Supplied records:
--- START ---

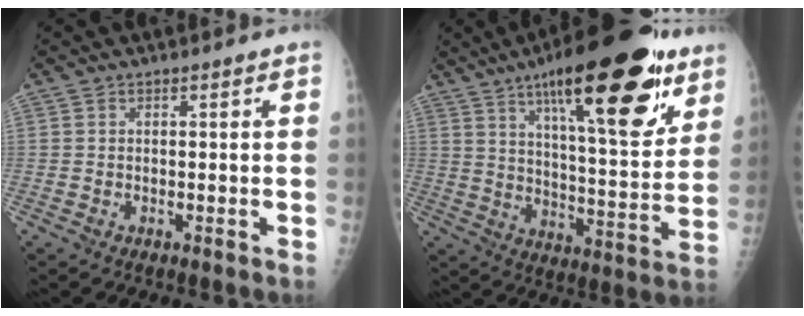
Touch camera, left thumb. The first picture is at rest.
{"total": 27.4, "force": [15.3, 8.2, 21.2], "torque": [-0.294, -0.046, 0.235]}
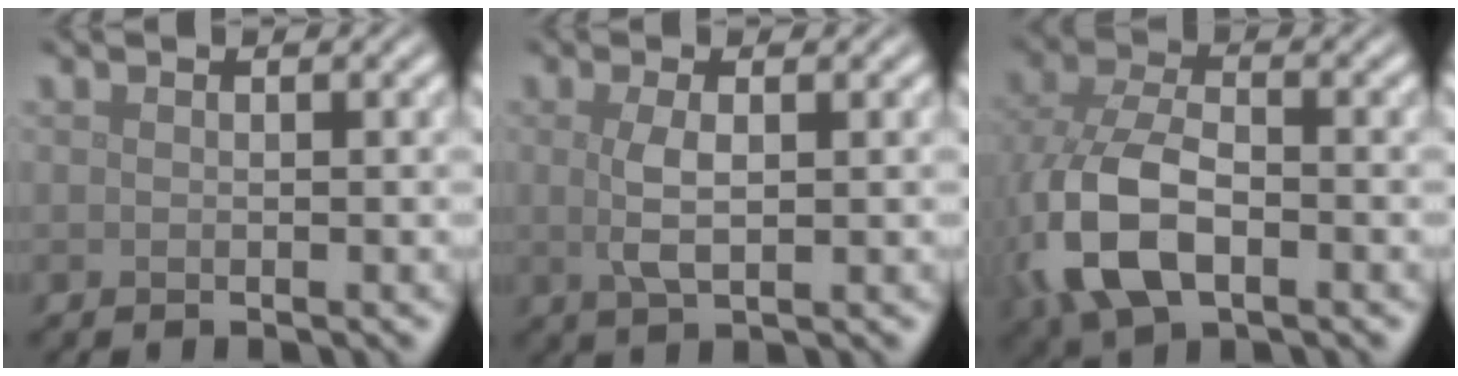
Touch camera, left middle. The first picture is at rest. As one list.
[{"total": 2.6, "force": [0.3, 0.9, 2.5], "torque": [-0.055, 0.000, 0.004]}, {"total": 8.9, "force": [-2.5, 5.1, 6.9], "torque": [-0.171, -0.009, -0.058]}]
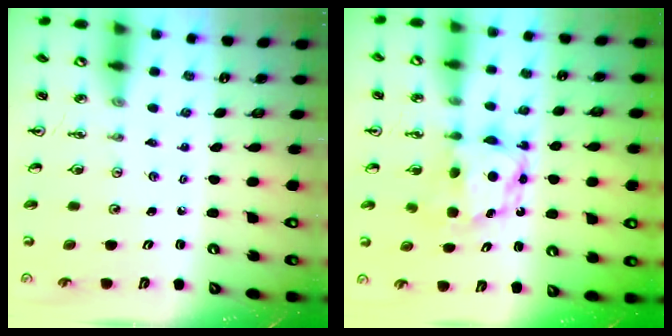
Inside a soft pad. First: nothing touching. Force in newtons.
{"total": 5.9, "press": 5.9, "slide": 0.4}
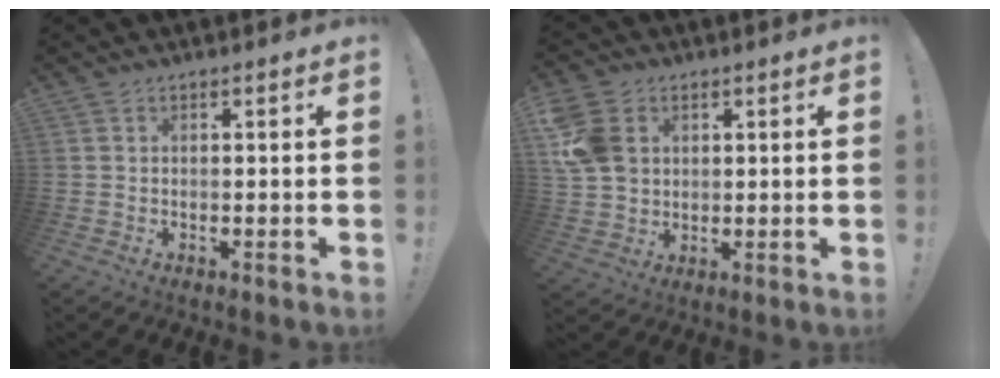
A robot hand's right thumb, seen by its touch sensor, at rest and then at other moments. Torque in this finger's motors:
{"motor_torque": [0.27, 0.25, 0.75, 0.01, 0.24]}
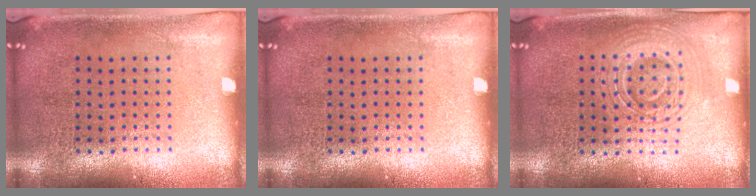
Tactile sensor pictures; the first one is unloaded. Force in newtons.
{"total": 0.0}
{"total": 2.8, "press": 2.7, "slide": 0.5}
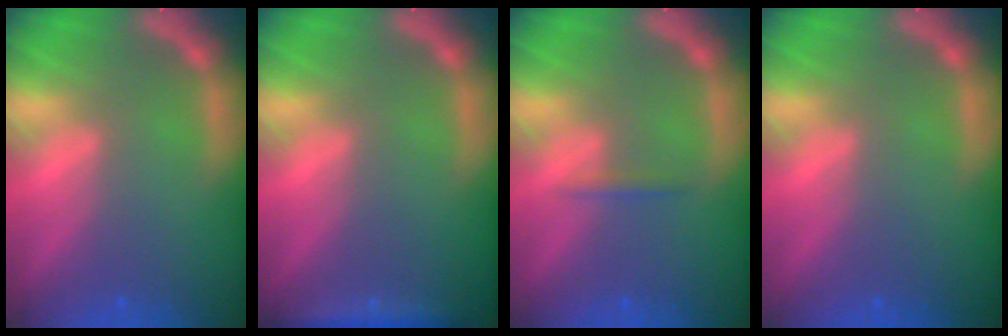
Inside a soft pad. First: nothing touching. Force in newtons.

--- END ---

In your copy of the material, every word must match and no image should appear.

Response box:
Touch camera, left thumb. The first picture is at rest.
{"total": 27.4, "force": [15.3, 8.2, 21.2], "torque": [-0.294, -0.046, 0.235]}
Touch camera, left middle. The first picture is at rest. As one list.
[{"total": 2.6, "force": [0.3, 0.9, 2.5], "torque": [-0.055, 0.000, 0.004]}, {"total": 8.9, "force": [-2.5, 5.1, 6.9], "torque": [-0.171, -0.009, -0.058]}]
Inside a soft pad. First: nothing touching. Force in newtons.
{"total": 5.9, "press": 5.9, "slide": 0.4}
A robot hand's right thumb, seen by its touch sensor, at rest and then at other moments. Torque in this finger's motors:
{"motor_torque": [0.27, 0.25, 0.75, 0.01, 0.24]}
Tactile sensor pictures; the first one is unloaded. Force in newtons.
{"total": 0.0}
{"total": 2.8, "press": 2.7, "slide": 0.5}
Inside a soft pad. First: nothing touching. Force in newtons.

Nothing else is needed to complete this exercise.